The fury and hatred created by partition did not completely overwhelm regret and nostalgia among British officers, or indeed even some Indian officers. As the army was split on religious grounds and Hindus and Muslims massacred each other in the streets and on the railways, Lieutenant Colonel Mahomed Siddiq MC, of the 7th Sikh Regiment, wrote: ‘I am a most disappointed person today… a fine machine is being disintegrated to satisfy some of the so-called politicians.’ He added a cry from the heart: ‘I love my Sikhs, Sir!’23 The recipient of this letter, General Savory, was already disillusioned, suffering from what he referred to as ‘Quit India malaise’. ‘What a country… I want to forget India’, he wrote gloomily. Other British officers registered a profound sense of loss.
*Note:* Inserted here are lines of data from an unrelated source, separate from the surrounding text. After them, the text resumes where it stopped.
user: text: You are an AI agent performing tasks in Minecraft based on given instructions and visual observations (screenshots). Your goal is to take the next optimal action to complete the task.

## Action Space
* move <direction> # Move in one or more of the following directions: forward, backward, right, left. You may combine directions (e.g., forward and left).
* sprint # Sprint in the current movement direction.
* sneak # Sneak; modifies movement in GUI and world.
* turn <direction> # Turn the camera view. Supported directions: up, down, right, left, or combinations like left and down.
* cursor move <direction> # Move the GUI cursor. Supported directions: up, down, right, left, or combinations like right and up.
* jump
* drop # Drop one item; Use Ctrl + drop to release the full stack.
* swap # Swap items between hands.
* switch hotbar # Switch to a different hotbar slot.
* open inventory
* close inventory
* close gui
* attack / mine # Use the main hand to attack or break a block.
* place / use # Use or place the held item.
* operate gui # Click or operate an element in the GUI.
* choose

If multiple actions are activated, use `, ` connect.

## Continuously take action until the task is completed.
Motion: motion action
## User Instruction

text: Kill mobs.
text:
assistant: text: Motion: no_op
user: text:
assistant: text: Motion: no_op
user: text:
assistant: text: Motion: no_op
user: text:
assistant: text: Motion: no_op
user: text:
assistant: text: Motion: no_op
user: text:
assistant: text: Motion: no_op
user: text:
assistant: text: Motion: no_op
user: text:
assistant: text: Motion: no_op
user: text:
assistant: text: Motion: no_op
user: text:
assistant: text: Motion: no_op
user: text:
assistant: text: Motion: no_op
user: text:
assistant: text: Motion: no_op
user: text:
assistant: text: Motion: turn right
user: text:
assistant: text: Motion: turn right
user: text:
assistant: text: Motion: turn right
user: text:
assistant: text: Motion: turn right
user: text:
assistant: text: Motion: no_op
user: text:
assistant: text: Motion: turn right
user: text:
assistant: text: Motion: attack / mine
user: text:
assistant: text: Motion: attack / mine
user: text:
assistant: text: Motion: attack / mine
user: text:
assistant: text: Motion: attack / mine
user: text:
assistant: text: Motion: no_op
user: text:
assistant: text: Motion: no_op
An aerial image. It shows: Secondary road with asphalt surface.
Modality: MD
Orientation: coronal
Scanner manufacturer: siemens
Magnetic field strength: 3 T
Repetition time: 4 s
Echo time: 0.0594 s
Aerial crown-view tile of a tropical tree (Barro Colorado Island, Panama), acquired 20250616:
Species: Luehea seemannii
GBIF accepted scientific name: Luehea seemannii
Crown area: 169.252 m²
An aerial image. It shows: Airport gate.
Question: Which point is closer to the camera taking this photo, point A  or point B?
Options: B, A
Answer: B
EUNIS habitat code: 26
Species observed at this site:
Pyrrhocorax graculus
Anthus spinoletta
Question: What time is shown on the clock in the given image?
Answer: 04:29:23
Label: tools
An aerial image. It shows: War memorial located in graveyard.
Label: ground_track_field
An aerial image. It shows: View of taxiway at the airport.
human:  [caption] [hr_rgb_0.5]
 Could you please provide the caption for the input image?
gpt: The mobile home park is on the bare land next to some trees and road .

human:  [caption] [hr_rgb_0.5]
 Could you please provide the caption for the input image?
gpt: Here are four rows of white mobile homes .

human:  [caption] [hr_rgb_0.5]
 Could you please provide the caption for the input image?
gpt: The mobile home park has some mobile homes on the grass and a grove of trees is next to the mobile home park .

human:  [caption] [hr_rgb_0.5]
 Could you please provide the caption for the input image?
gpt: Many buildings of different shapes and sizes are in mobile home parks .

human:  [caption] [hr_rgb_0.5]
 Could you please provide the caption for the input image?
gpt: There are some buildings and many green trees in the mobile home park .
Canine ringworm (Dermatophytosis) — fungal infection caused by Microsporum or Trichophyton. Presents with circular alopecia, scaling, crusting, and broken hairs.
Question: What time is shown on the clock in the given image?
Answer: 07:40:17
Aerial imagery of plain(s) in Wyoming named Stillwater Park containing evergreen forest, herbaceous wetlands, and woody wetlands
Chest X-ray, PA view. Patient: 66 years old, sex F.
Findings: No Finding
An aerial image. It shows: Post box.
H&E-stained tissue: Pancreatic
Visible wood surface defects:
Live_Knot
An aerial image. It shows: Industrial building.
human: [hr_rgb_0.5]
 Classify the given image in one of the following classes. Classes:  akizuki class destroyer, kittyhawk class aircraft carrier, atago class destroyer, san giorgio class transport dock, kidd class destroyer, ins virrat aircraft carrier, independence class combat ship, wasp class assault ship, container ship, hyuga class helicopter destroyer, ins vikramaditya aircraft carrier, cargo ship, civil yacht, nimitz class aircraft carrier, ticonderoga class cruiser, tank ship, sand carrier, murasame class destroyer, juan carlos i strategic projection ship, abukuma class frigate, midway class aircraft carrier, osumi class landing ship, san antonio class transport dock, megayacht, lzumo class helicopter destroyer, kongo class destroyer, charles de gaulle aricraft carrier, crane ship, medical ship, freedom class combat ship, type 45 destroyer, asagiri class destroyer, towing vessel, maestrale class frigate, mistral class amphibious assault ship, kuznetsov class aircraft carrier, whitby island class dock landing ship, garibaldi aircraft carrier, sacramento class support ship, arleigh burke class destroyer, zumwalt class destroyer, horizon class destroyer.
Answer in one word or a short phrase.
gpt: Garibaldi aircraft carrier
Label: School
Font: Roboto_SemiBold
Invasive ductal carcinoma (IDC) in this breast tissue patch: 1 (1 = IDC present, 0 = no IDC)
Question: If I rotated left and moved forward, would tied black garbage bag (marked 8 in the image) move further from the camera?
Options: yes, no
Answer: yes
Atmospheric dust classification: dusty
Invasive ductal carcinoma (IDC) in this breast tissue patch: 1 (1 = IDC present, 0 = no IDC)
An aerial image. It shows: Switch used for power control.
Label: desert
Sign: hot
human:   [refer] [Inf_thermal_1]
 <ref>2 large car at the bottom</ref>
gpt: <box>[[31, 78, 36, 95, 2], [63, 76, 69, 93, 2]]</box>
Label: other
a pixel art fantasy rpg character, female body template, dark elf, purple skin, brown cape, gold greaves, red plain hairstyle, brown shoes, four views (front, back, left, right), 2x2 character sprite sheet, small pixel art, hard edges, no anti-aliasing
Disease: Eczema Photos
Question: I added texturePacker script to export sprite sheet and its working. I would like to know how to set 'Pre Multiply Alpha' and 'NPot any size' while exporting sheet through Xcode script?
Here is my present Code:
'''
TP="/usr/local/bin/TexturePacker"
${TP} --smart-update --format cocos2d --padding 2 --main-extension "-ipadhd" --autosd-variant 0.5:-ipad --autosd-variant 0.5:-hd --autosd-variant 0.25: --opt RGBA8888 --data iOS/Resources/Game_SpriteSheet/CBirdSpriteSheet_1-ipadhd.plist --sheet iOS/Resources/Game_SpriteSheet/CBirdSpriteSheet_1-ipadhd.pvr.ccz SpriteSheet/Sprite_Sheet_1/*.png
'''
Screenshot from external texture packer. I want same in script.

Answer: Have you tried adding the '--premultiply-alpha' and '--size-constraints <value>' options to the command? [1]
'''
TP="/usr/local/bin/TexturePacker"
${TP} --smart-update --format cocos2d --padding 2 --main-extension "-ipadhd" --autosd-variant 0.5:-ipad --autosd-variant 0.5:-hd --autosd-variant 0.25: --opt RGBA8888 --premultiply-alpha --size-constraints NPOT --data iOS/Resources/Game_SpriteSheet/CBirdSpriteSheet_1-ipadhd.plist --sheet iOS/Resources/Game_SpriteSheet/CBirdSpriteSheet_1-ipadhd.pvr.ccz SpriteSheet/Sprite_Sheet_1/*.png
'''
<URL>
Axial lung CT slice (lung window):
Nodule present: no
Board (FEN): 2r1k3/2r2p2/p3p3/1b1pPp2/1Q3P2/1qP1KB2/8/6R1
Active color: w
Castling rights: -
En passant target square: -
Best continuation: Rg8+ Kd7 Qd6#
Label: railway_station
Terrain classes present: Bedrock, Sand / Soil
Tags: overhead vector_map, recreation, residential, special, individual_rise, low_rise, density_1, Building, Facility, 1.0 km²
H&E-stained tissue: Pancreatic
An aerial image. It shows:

W. L. Alston wrote one of his little poems:
Oh land of fascination!
Deep that calls to Deep!
Responsive to our longing,
May you ever keep
A corner of your heart for us,
Who counted not the cost,
To serve our mistress, India,
That we have wo’ed and lost.24
As India’s and Pakistan’s ‘tryst with destiny’ approached the British busied themselves with their usual rituals. There was to be no ceremonial lowering of the Union Flag in Delhi. At Lucknow, however, where the memory of 1857, when Indian rebels besieged the British garrison, was evergreen, a curious ceremony was played out. Every corps present at the siege was judged to be entitled to receive a flag flown from the flagstaff of the ruined Residency. As time was limited and demand high, all the flags in the Cawnpore arsenal were run up the pole, sometimes in batches of three or four at a time.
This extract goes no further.